» DATASET RECORDS:
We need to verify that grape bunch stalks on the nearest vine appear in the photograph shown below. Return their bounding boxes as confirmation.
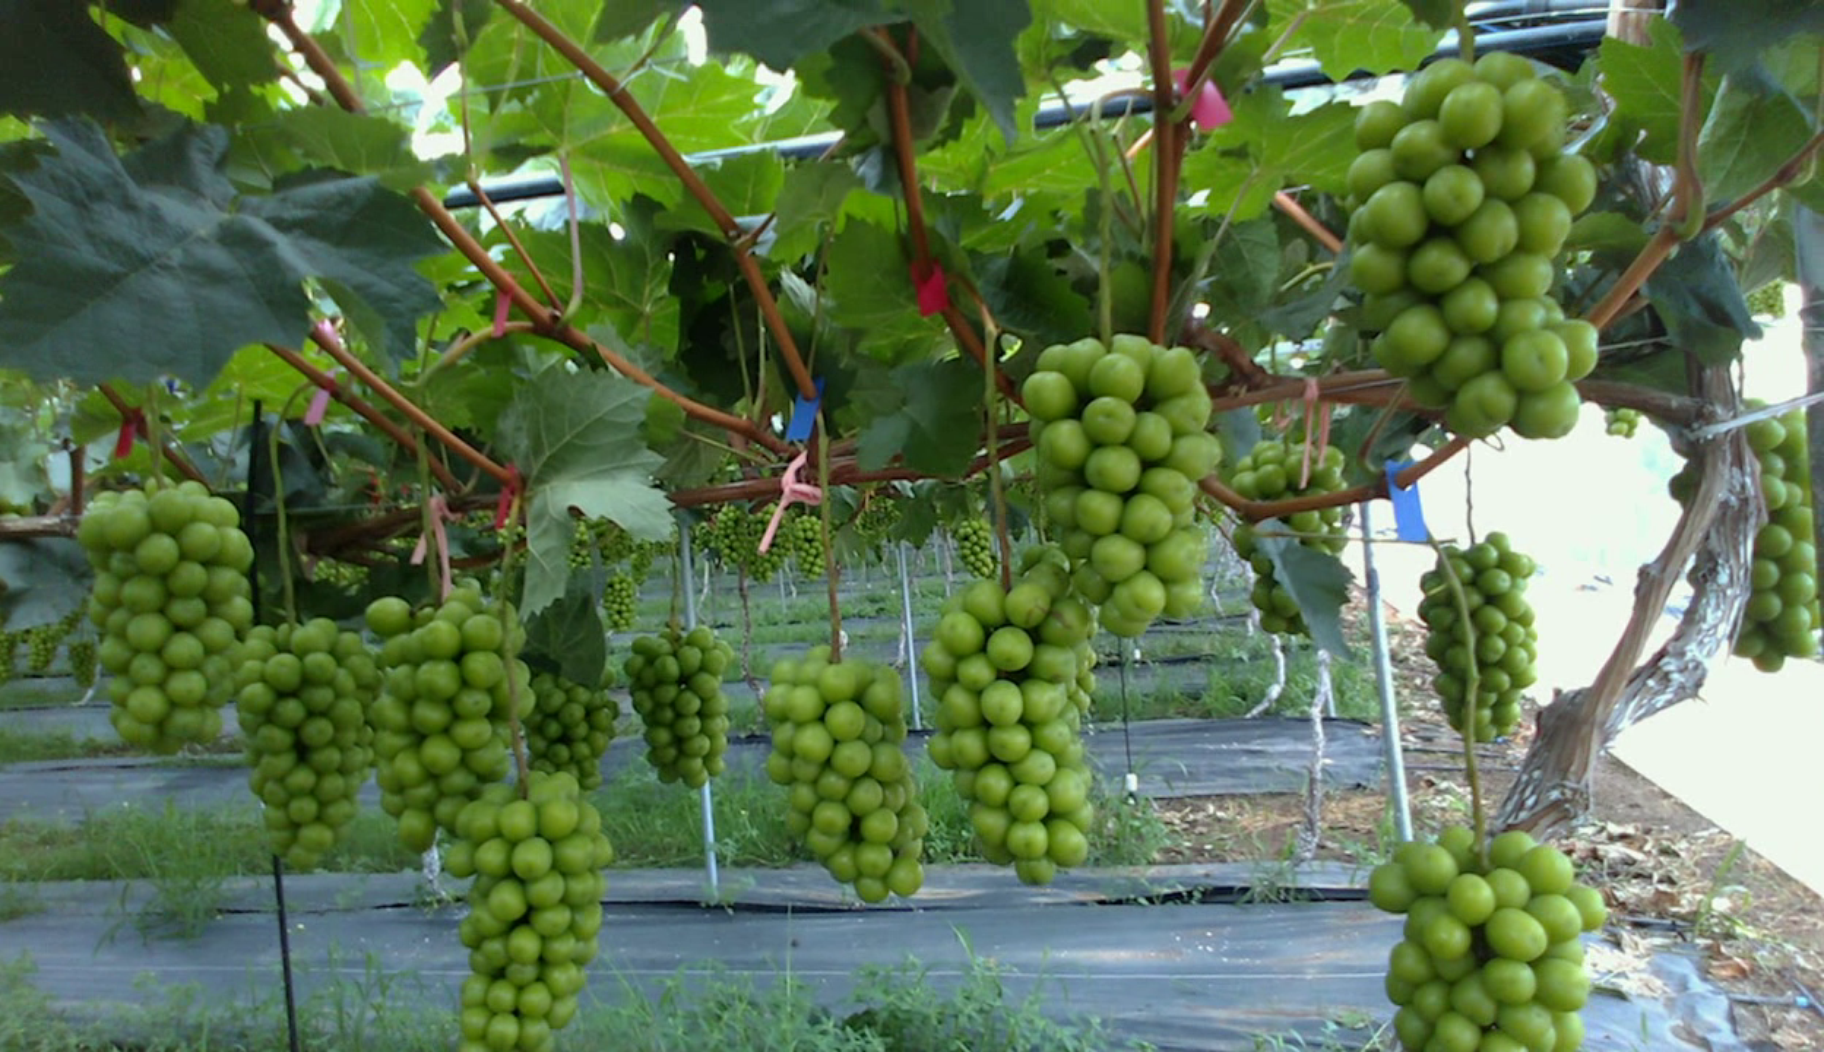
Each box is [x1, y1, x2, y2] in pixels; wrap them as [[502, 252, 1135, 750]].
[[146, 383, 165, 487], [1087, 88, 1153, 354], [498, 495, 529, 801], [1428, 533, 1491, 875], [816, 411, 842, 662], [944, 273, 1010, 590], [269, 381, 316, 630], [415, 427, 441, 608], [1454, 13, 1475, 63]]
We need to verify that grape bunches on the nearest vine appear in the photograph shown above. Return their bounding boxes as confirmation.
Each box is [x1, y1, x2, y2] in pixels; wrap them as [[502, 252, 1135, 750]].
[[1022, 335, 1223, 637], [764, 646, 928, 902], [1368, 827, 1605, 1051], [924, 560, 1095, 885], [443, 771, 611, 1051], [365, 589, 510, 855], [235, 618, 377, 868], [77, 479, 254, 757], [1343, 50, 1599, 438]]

---

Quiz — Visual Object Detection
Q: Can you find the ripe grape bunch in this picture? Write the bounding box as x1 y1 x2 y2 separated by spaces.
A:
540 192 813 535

» EXERCISE GOAL:
Copy word for word only the lines above from the one with "We need to verify that grape bunch stalks" through the one with "We need to verify that grape bunches". Leave pictures out.

» EXERCISE OUTPUT:
We need to verify that grape bunch stalks on the nearest vine appear in the photograph shown below. Return their bounding boxes as confirmation.
Each box is [x1, y1, x2, y2] in pixels; wrap them as [[502, 252, 1135, 750]].
[[146, 383, 165, 487], [1087, 88, 1153, 354], [498, 495, 529, 801], [1428, 533, 1491, 875], [816, 411, 842, 662], [944, 273, 1010, 590], [269, 381, 316, 630], [415, 427, 441, 608], [1454, 13, 1475, 63]]
We need to verify that grape bunches on the nearest vine appear in the photograph shown above. Return their bounding boxes as confirmation.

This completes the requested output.